As soon as you miss a couple of mortgage payments, you will probably hear from your lender. Don't ignore their phone calls and letters. Instead, make an honest assessment of when and whether you expect to be able to catch up on your payments. Your lender may be willing to help you. If not, you need to understand the foreclosure process.

At each step in the process, an attorney experienced in foreclosure defense may be able to help you. A lawyer can negotiate with your lender or protect your rights during the foreclosure process.

Before the foreclosure is filed

During the first four months of delinquency, you should consider how to limit the damage. One option to consider is selling your house. You can also negotiate with your lender on options to avoid foreclosure, such as:

  • Forbearance (holding off on foreclosure while you get back on your feet)
  • Loan modification
  • Affordable payment plan
  • Short sale (selling your home for less than you owe)
  • Deed in lieu of foreclosure (agreement to return title to the lender without the foreclosure process)

The Pennsylvania foreclosure process

Many Pennsylvania mortgages contain a requirement that the lender send you a breach or demand letter before they can file for foreclosure.

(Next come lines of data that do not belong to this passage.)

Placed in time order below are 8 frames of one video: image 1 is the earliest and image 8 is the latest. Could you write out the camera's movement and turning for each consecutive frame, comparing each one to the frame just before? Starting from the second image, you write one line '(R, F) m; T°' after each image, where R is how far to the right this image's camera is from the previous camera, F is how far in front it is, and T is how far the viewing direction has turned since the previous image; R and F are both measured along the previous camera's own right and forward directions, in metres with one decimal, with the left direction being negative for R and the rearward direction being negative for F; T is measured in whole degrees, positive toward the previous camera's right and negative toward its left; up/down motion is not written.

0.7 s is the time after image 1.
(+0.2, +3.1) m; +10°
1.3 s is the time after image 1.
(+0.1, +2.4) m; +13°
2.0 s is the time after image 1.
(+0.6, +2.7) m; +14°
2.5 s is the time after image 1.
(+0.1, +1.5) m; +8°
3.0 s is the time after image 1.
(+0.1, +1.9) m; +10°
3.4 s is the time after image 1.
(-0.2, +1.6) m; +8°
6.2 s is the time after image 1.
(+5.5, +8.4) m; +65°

Pennsylvania law also requires lenders to send you a notice of intent to foreclose before they can start the foreclosure process. Also, the lender must send you a second notice which explains your rights and any help available through state programs.

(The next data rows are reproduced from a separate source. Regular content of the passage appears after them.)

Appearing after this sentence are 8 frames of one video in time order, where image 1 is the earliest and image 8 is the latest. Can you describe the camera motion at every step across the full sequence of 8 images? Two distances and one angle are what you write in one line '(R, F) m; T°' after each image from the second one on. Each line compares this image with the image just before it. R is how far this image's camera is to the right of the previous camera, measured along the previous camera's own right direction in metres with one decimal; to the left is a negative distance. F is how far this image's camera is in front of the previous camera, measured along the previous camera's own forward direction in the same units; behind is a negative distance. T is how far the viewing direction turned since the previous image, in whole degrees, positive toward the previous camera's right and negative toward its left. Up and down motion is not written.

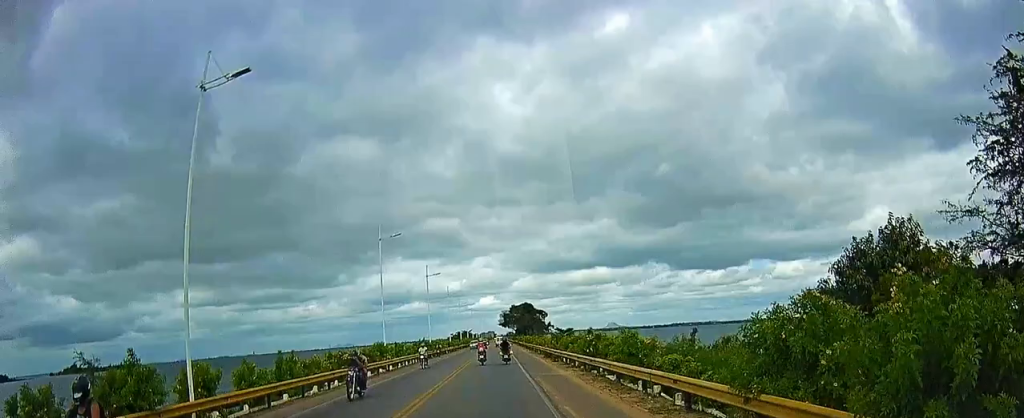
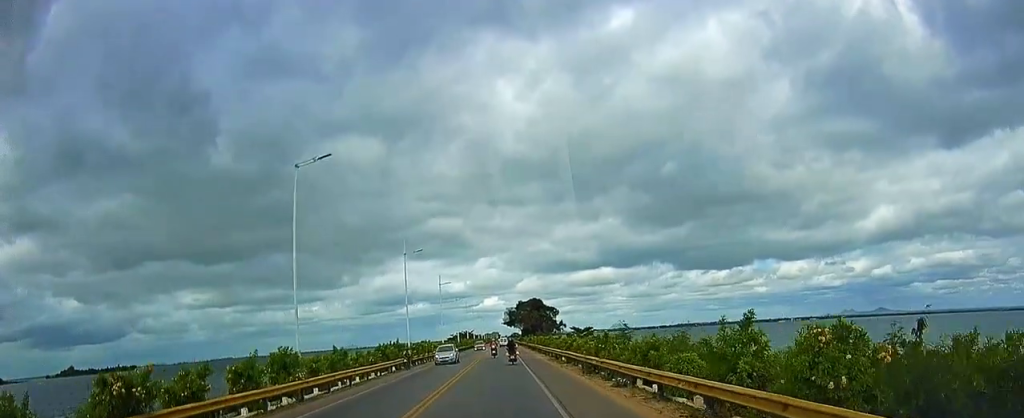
(+0.4, +19.9) m; 0°
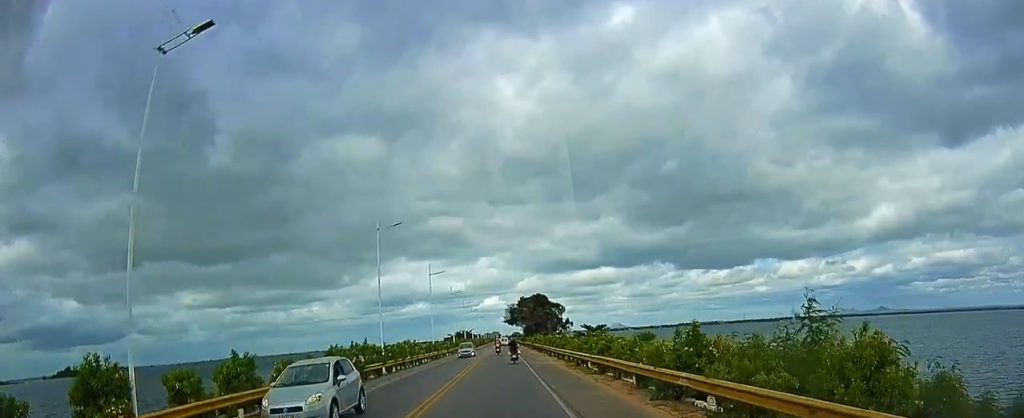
(-0.3, +12.3) m; -1°
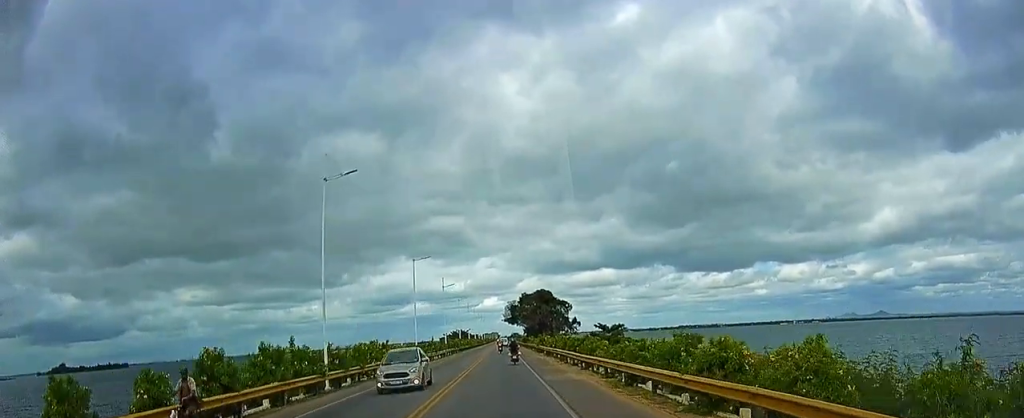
(0.0, +13.4) m; +2°
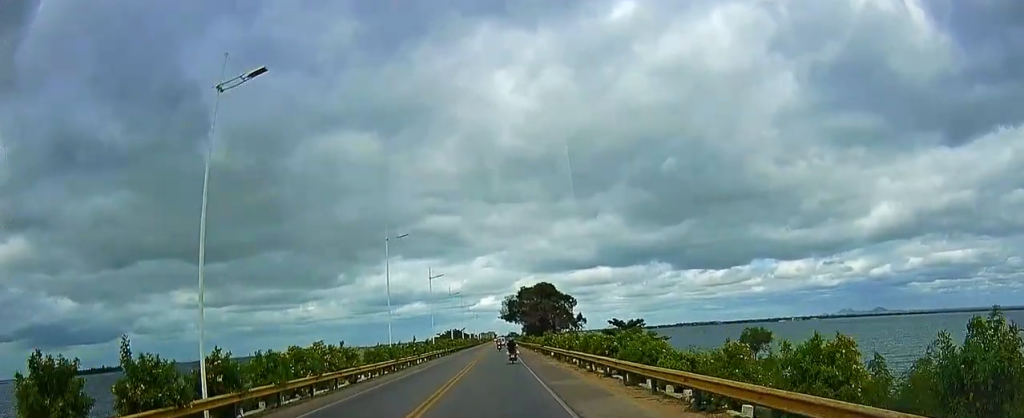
(+0.4, +11.7) m; 0°
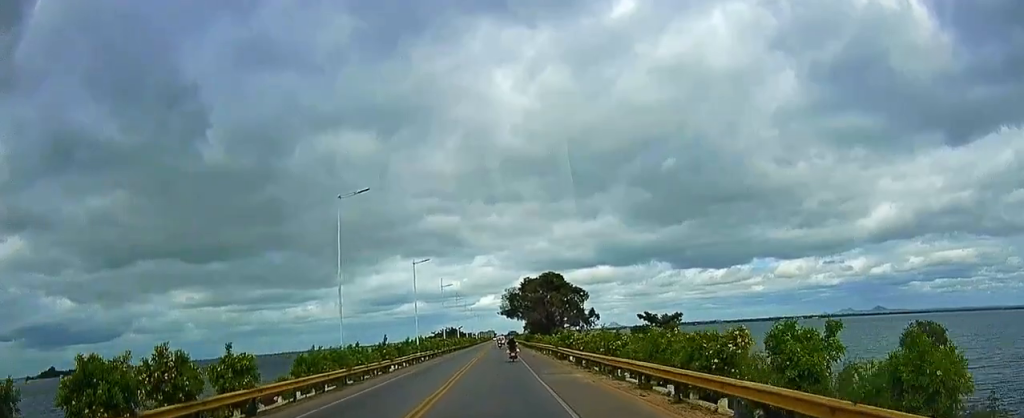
(-0.5, +14.1) m; -2°
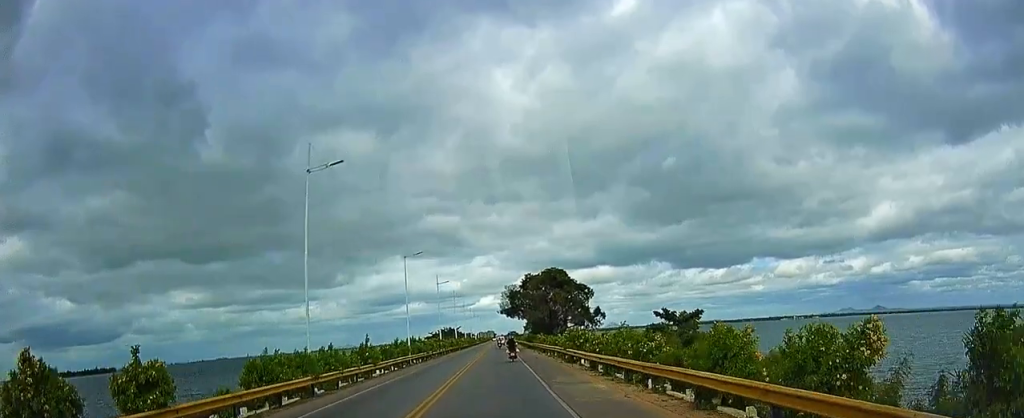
(0.0, +5.5) m; 0°
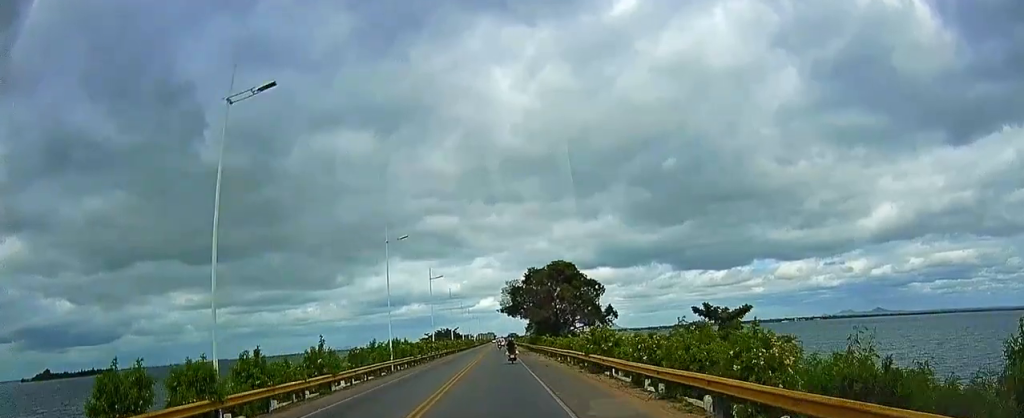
(+0.1, +8.9) m; +2°

In Pennsylvania, foreclosure is a judicial, or lawsuit-based process. The lender begins the foreclosure process by filing a complaint. You then have 20 days to respond. If you do not, you will be given 10 additional days to respond before a default judgment is entered against you.

Your response is where you can answer each allegation in the foreclosure complaint. You can deny any allegations you feel are inaccurate, and you can offer certain legal defenses and any claims against the lender you may have.

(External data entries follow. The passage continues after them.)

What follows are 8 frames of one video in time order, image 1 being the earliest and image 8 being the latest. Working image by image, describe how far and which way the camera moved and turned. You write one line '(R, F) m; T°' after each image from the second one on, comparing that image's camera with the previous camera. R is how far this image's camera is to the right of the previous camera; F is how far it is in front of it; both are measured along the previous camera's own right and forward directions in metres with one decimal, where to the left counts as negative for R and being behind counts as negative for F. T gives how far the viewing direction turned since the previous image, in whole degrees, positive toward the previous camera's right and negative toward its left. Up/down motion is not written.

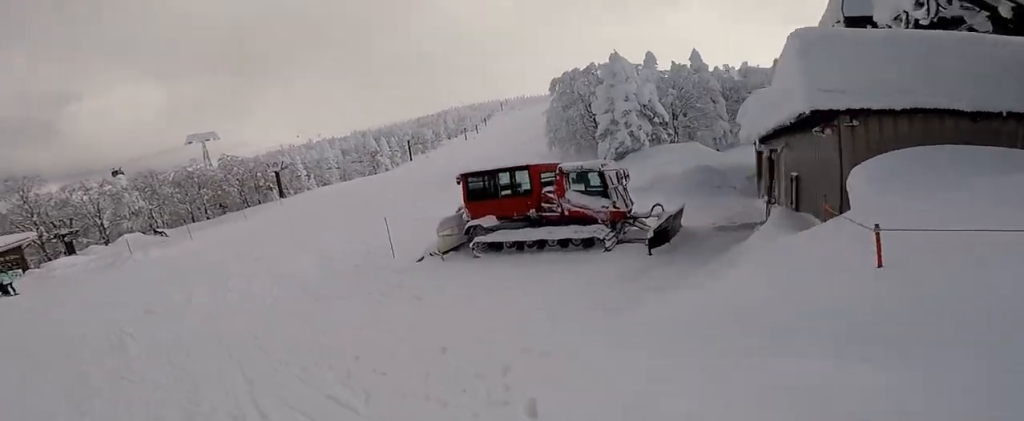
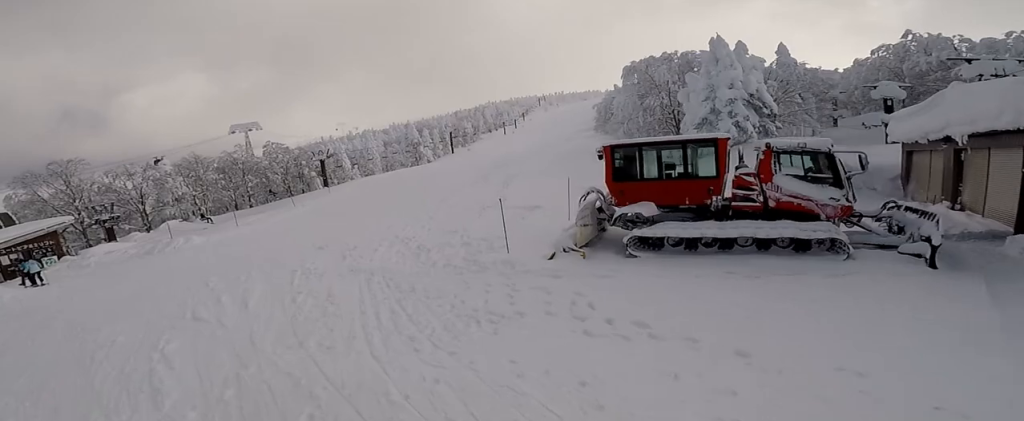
(0.0, +4.1) m; 0°
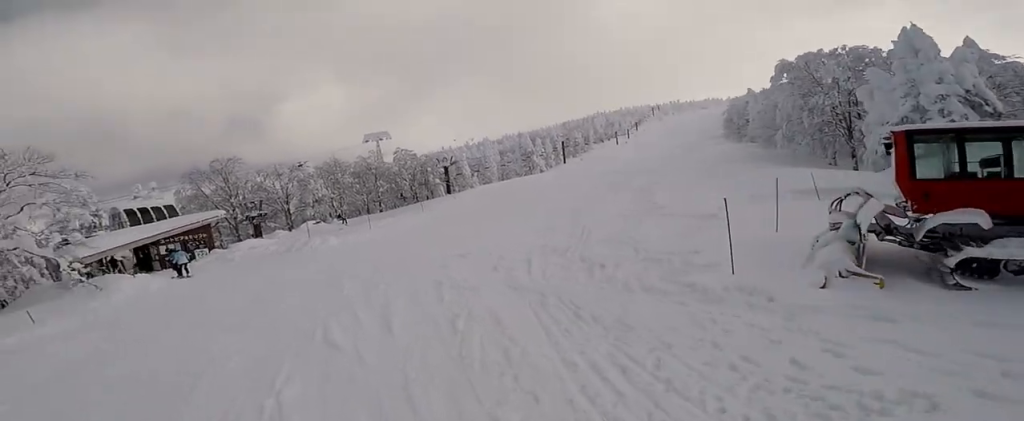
(-0.2, +3.0) m; 0°
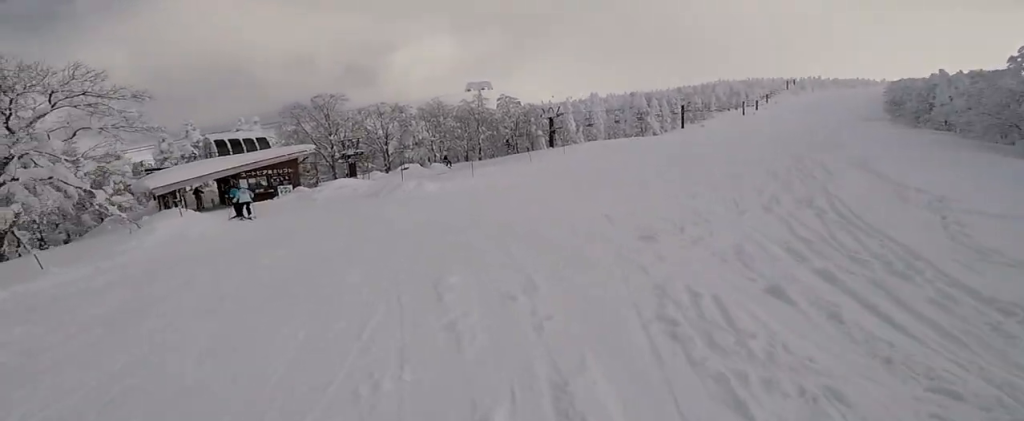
(+0.1, +5.2) m; +2°
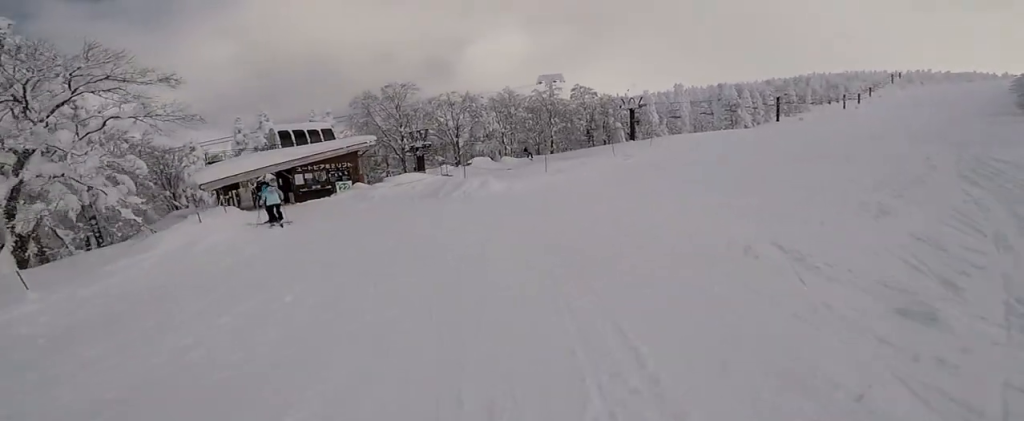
(+0.1, +3.3) m; +2°
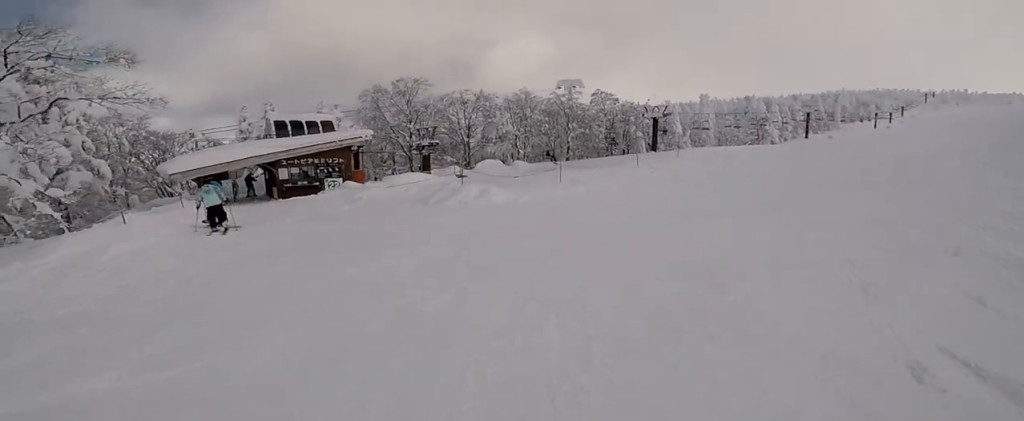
(0.0, +2.5) m; -9°
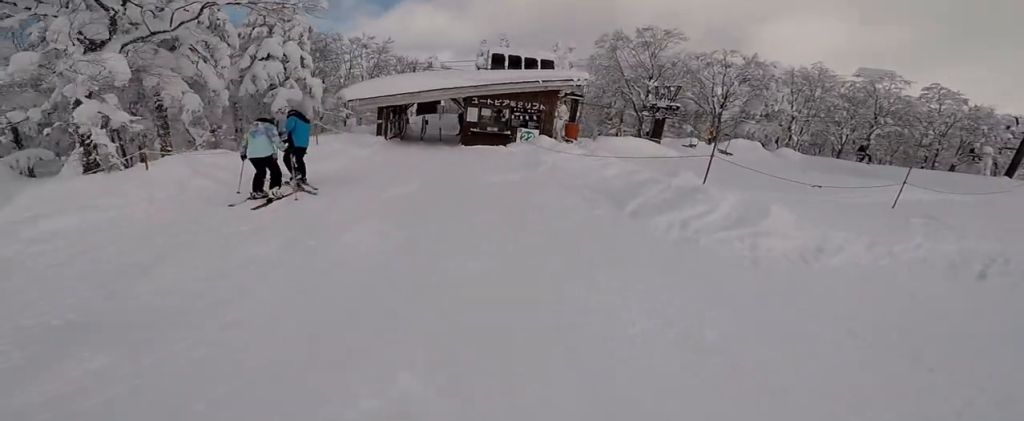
(-1.1, +5.2) m; -23°
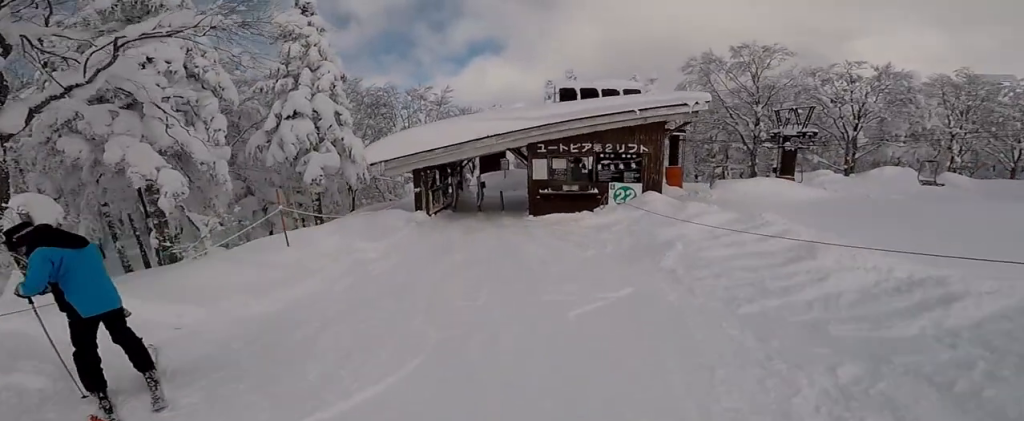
(-0.7, +5.6) m; -9°

In some counties, you may be referred for a foreclosure diversion program where you can negotiate an agreement with the lender.

If you cannot work out a deal, your lender may file a motion for summary judgment, which alleges that you have no real dispute or defense. Alternatively, there may be a trial. If you lose either the motion for summary judgment or trial, the court will enter what is called a final judgment of foreclosure.

The next step is the foreclosure sale. Pennsylvania law gives you another chance to pay off the past-due balance, along with costs and fees. This can be done up to an hour before the foreclosure sale.